▶

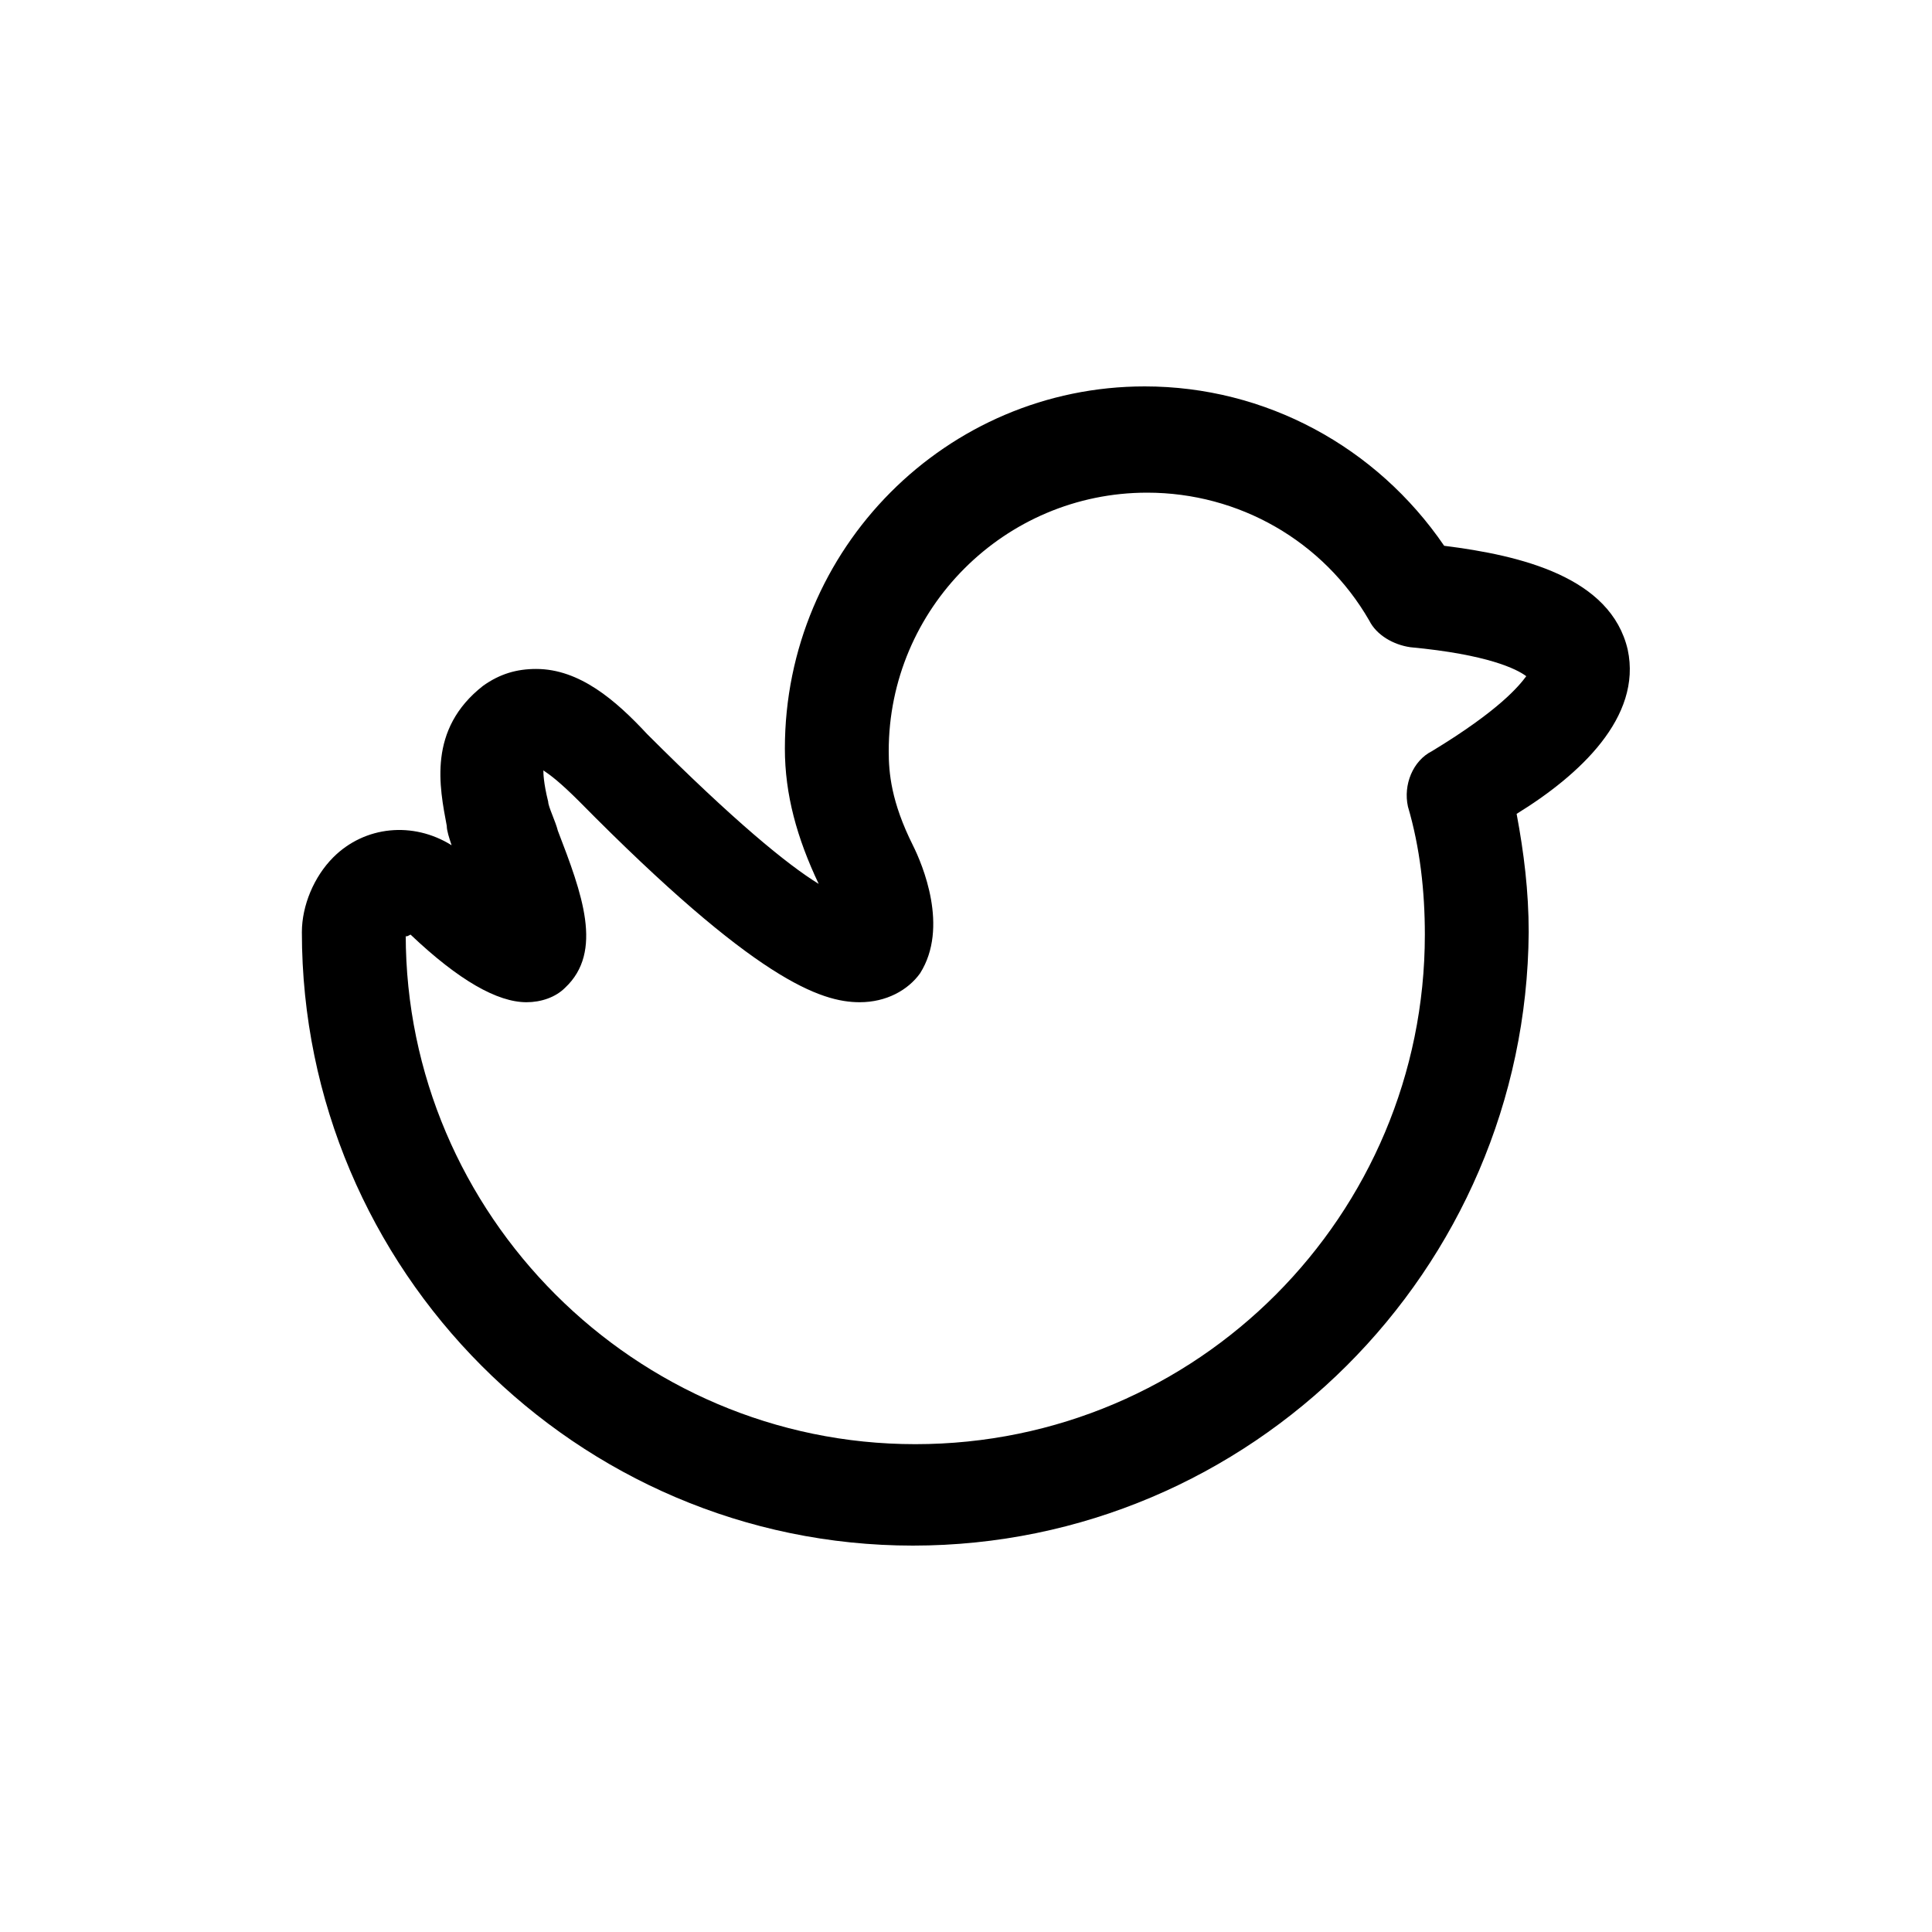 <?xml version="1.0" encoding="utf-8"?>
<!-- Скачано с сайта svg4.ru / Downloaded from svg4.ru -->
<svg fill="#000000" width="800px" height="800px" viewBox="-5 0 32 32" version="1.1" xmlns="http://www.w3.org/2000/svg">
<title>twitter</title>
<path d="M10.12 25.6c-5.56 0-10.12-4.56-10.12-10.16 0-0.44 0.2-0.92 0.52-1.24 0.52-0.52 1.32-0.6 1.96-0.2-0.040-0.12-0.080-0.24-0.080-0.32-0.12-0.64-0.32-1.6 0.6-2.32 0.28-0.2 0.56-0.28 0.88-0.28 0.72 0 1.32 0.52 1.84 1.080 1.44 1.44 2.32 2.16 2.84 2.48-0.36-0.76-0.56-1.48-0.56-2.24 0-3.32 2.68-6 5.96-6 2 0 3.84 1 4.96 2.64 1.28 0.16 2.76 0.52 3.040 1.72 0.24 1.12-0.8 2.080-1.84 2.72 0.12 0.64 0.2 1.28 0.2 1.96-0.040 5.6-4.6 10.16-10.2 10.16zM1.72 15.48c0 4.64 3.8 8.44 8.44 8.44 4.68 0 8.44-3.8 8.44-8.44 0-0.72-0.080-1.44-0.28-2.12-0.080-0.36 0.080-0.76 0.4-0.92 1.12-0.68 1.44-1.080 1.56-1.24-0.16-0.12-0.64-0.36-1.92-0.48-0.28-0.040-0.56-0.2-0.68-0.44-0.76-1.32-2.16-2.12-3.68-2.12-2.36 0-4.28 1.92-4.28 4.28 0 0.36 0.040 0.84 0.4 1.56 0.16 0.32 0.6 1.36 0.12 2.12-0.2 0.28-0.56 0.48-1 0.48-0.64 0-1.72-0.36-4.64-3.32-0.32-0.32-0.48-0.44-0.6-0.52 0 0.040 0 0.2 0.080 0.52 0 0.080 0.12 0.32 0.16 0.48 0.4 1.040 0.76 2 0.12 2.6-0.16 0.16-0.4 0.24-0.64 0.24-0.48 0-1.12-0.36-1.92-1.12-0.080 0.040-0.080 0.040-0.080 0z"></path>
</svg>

◀

**What to work on:** Your answer must be an exact copy of the records, with no pictures in it.

**Answer:**
 <?xml version="1.0" encoding="utf-8"?>
<!-- Скачано с сайта svg4.ru / Downloaded from svg4.ru -->
<svg fill="#000000" width="800px" height="800px" viewBox="-5 0 32 32" version="1.1" xmlns="http://www.w3.org/2000/svg">
<title>twitter</title>
<path d="M10.12 25.6c-5.56 0-10.12-4.56-10.12-10.16 0-0.44 0.2-0.92 0.52-1.24 0.52-0.52 1.32-0.6 1.96-0.2-0.040-0.12-0.080-0.24-0.080-0.32-0.12-0.64-0.32-1.6 0.6-2.32 0.28-0.2 0.56-0.28 0.88-0.28 0.72 0 1.32 0.52 1.84 1.080 1.44 1.44 2.32 2.16 2.84 2.48-0.36-0.76-0.56-1.48-0.56-2.24 0-3.32 2.68-6 5.96-6 2 0 3.84 1 4.96 2.64 1.28 0.16 2.76 0.52 3.040 1.72 0.24 1.12-0.8 2.080-1.84 2.72 0.12 0.64 0.2 1.28 0.2 1.96-0.040 5.6-4.6 10.16-10.2 10.16zM1.72 15.48c0 4.64 3.8 8.44 8.44 8.44 4.68 0 8.44-3.8 8.44-8.44 0-0.72-0.080-1.44-0.28-2.12-0.080-0.36 0.080-0.76 0.4-0.92 1.12-0.68 1.44-1.080 1.56-1.24-0.16-0.12-0.64-0.36-1.92-0.48-0.28-0.040-0.56-0.2-0.68-0.44-0.76-1.32-2.16-2.12-3.68-2.12-2.36 0-4.28 1.92-4.28 4.28 0 0.36 0.040 0.84 0.4 1.56 0.16 0.32 0.6 1.36 0.12 2.12-0.2 0.28-0.56 0.48-1 0.48-0.64 0-1.72-0.36-4.64-3.32-0.32-0.32-0.48-0.44-0.6-0.52 0 0.040 0 0.2 0.080 0.52 0 0.080 0.12 0.32 0.16 0.48 0.4 1.040 0.76 2 0.12 2.6-0.16 0.16-0.4 0.24-0.64 0.24-0.48 0-1.12-0.36-1.92-1.12-0.080 0.040-0.080 0.040-0.080 0z"></path>
</svg>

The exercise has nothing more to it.